[Stored items from a collection]
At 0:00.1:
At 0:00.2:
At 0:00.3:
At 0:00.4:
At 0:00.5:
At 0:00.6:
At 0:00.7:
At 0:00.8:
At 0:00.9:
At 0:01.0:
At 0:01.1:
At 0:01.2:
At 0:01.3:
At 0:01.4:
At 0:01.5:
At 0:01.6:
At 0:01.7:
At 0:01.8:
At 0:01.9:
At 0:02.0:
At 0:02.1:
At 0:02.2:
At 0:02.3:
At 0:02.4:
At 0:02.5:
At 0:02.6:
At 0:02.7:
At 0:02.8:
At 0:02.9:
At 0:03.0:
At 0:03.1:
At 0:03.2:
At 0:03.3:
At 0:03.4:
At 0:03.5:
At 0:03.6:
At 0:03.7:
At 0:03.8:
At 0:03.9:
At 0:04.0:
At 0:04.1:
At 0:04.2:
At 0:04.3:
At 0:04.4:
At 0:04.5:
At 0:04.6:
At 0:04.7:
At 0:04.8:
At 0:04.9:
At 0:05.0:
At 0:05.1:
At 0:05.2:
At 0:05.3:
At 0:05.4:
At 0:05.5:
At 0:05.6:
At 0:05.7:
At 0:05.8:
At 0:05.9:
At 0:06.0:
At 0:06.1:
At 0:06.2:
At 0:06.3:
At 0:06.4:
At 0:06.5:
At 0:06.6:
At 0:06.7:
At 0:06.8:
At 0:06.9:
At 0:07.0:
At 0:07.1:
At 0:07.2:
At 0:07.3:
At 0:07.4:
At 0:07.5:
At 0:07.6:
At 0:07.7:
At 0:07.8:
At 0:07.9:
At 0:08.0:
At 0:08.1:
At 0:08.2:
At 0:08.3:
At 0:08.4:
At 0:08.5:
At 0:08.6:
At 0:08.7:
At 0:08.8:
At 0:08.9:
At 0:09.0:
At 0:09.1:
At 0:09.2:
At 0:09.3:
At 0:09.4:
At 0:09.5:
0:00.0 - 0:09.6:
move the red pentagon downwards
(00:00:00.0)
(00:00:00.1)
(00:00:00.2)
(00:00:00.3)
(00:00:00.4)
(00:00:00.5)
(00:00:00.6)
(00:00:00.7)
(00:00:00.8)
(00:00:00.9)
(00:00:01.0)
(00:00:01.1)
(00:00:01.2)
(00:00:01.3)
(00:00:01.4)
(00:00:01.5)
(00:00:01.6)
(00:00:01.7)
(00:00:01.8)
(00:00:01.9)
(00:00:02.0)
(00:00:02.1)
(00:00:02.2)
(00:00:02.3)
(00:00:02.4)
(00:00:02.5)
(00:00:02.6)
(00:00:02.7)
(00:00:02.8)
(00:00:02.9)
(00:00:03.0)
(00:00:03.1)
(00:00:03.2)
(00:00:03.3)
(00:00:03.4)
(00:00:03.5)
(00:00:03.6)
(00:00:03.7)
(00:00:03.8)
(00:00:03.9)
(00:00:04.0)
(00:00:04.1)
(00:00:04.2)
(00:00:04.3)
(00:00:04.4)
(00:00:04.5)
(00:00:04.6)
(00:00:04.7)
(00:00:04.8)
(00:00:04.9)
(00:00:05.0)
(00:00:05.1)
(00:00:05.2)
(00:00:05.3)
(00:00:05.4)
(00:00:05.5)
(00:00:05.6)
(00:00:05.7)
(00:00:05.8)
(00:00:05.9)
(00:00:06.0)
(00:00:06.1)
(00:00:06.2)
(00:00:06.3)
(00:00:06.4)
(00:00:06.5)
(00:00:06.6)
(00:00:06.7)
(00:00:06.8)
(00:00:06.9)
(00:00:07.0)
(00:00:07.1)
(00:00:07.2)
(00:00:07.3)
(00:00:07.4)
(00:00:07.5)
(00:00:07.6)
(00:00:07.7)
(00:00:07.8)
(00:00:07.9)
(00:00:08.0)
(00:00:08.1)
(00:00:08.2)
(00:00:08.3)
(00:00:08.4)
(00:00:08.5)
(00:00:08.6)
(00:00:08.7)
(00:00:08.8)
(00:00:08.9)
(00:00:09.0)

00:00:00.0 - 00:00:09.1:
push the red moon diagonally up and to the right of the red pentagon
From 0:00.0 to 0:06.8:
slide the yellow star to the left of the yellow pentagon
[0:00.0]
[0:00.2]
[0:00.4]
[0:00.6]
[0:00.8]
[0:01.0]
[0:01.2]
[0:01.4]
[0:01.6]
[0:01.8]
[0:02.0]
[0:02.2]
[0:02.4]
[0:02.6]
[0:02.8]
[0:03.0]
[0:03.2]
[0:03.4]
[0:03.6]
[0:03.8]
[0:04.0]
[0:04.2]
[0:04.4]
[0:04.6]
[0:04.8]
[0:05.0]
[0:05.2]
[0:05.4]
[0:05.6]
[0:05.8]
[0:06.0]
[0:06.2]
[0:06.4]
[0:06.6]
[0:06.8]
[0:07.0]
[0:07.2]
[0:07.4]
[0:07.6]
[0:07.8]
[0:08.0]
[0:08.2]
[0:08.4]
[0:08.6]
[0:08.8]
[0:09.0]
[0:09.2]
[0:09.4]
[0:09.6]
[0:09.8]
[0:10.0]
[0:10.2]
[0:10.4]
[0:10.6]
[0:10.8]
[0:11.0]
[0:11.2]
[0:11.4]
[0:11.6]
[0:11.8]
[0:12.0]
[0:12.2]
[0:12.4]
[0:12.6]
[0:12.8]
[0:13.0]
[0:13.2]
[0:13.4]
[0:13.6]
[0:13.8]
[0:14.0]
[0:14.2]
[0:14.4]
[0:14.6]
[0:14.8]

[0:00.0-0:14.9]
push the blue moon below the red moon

- Assignment -
Nothing but an exact repetition of the entries is expected here.

- Solution for this task -
At 0:00.1:
At 0:00.2:
At 0:00.3:
At 0:00.4:
At 0:00.5:
At 0:00.6:
At 0:00.7:
At 0:00.8:
At 0:00.9:
At 0:01.0:
At 0:01.1:
At 0:01.2:
At 0:01.3:
At 0:01.4:
At 0:01.5:
At 0:01.6:
At 0:01.7:
At 0:01.8:
At 0:01.9:
At 0:02.0:
At 0:02.1:
At 0:02.2:
At 0:02.3:
At 0:02.4:
At 0:02.5:
At 0:02.6:
At 0:02.7:
At 0:02.8:
At 0:02.9:
At 0:03.0:
At 0:03.1:
At 0:03.2:
At 0:03.3:
At 0:03.4:
At 0:03.5:
At 0:03.6:
At 0:03.7:
At 0:03.8:
At 0:03.9:
At 0:04.0:
At 0:04.1:
At 0:04.2:
At 0:04.3:
At 0:04.4:
At 0:04.5:
At 0:04.6:
At 0:04.7:
At 0:04.8:
At 0:04.9:
At 0:05.0:
At 0:05.1:
At 0:05.2:
At 0:05.3:
At 0:05.4:
At 0:05.5:
At 0:05.6:
At 0:05.7:
At 0:05.8:
At 0:05.9:
At 0:06.0:
At 0:06.1:
At 0:06.2:
At 0:06.3:
At 0:06.4:
At 0:06.5:
At 0:06.6:
At 0:06.7:
At 0:06.8:
At 0:06.9:
At 0:07.0:
At 0:07.1:
At 0:07.2:
At 0:07.3:
At 0:07.4:
At 0:07.5:
At 0:07.6:
At 0:07.7:
At 0:07.8:
At 0:07.9:
At 0:08.0:
At 0:08.1:
At 0:08.2:
At 0:08.3:
At 0:08.4:
At 0:08.5:
At 0:08.6:
At 0:08.7:
At 0:08.8:
At 0:08.9:
At 0:09.0:
At 0:09.1:
At 0:09.2:
At 0:09.3:
At 0:09.4:
At 0:09.5:
0:00.0 - 0:09.6:
move the red pentagon downwards
(00:00:00.0)
(00:00:00.1)
(00:00:00.2)
(00:00:00.3)
(00:00:00.4)
(00:00:00.5)
(00:00:00.6)
(00:00:00.7)
(00:00:00.8)
(00:00:00.9)
(00:00:01.0)
(00:00:01.1)
(00:00:01.2)
(00:00:01.3)
(00:00:01.4)
(00:00:01.5)
(00:00:01.6)
(00:00:01.7)
(00:00:01.8)
(00:00:01.9)
(00:00:02.0)
(00:00:02.1)
(00:00:02.2)
(00:00:02.3)
(00:00:02.4)
(00:00:02.5)
(00:00:02.6)
(00:00:02.7)
(00:00:02.8)
(00:00:02.9)
(00:00:03.0)
(00:00:03.1)
(00:00:03.2)
(00:00:03.3)
(00:00:03.4)
(00:00:03.5)
(00:00:03.6)
(00:00:03.7)
(00:00:03.8)
(00:00:03.9)
(00:00:04.0)
(00:00:04.1)
(00:00:04.2)
(00:00:04.3)
(00:00:04.4)
(00:00:04.5)
(00:00:04.6)
(00:00:04.7)
(00:00:04.8)
(00:00:04.9)
(00:00:05.0)
(00:00:05.1)
(00:00:05.2)
(00:00:05.3)
(00:00:05.4)
(00:00:05.5)
(00:00:05.6)
(00:00:05.7)
(00:00:05.8)
(00:00:05.9)
(00:00:06.0)
(00:00:06.1)
(00:00:06.2)
(00:00:06.3)
(00:00:06.4)
(00:00:06.5)
(00:00:06.6)
(00:00:06.7)
(00:00:06.8)
(00:00:06.9)
(00:00:07.0)
(00:00:07.1)
(00:00:07.2)
(00:00:07.3)
(00:00:07.4)
(00:00:07.5)
(00:00:07.6)
(00:00:07.7)
(00:00:07.8)
(00:00:07.9)
(00:00:08.0)
(00:00:08.1)
(00:00:08.2)
(00:00:08.3)
(00:00:08.4)
(00:00:08.5)
(00:00:08.6)
(00:00:08.7)
(00:00:08.8)
(00:00:08.9)
(00:00:09.0)

00:00:00.0 - 00:00:09.1:
push the red moon diagonally up and to the right of the red pentagon
From 0:00.0 to 0:06.8:
slide the yellow star to the left of the yellow pentagon
[0:00.0]
[0:00.2]
[0:00.4]
[0:00.6]
[0:00.8]
[0:01.0]
[0:01.2]
[0:01.4]
[0:01.6]
[0:01.8]
[0:02.0]
[0:02.2]
[0:02.4]
[0:02.6]
[0:02.8]
[0:03.0]
[0:03.2]
[0:03.4]
[0:03.6]
[0:03.8]
[0:04.0]
[0:04.2]
[0:04.4]
[0:04.6]
[0:04.8]
[0:05.0]
[0:05.2]
[0:05.4]
[0:05.6]
[0:05.8]
[0:06.0]
[0:06.2]
[0:06.4]
[0:06.6]
[0:06.8]
[0:07.0]
[0:07.2]
[0:07.4]
[0:07.6]
[0:07.8]
[0:08.0]
[0:08.2]
[0:08.4]
[0:08.6]
[0:08.8]
[0:09.0]
[0:09.2]
[0:09.4]
[0:09.6]
[0:09.8]
[0:10.0]
[0:10.2]
[0:10.4]
[0:10.6]
[0:10.8]
[0:11.0]
[0:11.2]
[0:11.4]
[0:11.6]
[0:11.8]
[0:12.0]
[0:12.2]
[0:12.4]
[0:12.6]
[0:12.8]
[0:13.0]
[0:13.2]
[0:13.4]
[0:13.6]
[0:13.8]
[0:14.0]
[0:14.2]
[0:14.4]
[0:14.6]
[0:14.8]

[0:00.0-0:14.9]
push the blue moon below the red moon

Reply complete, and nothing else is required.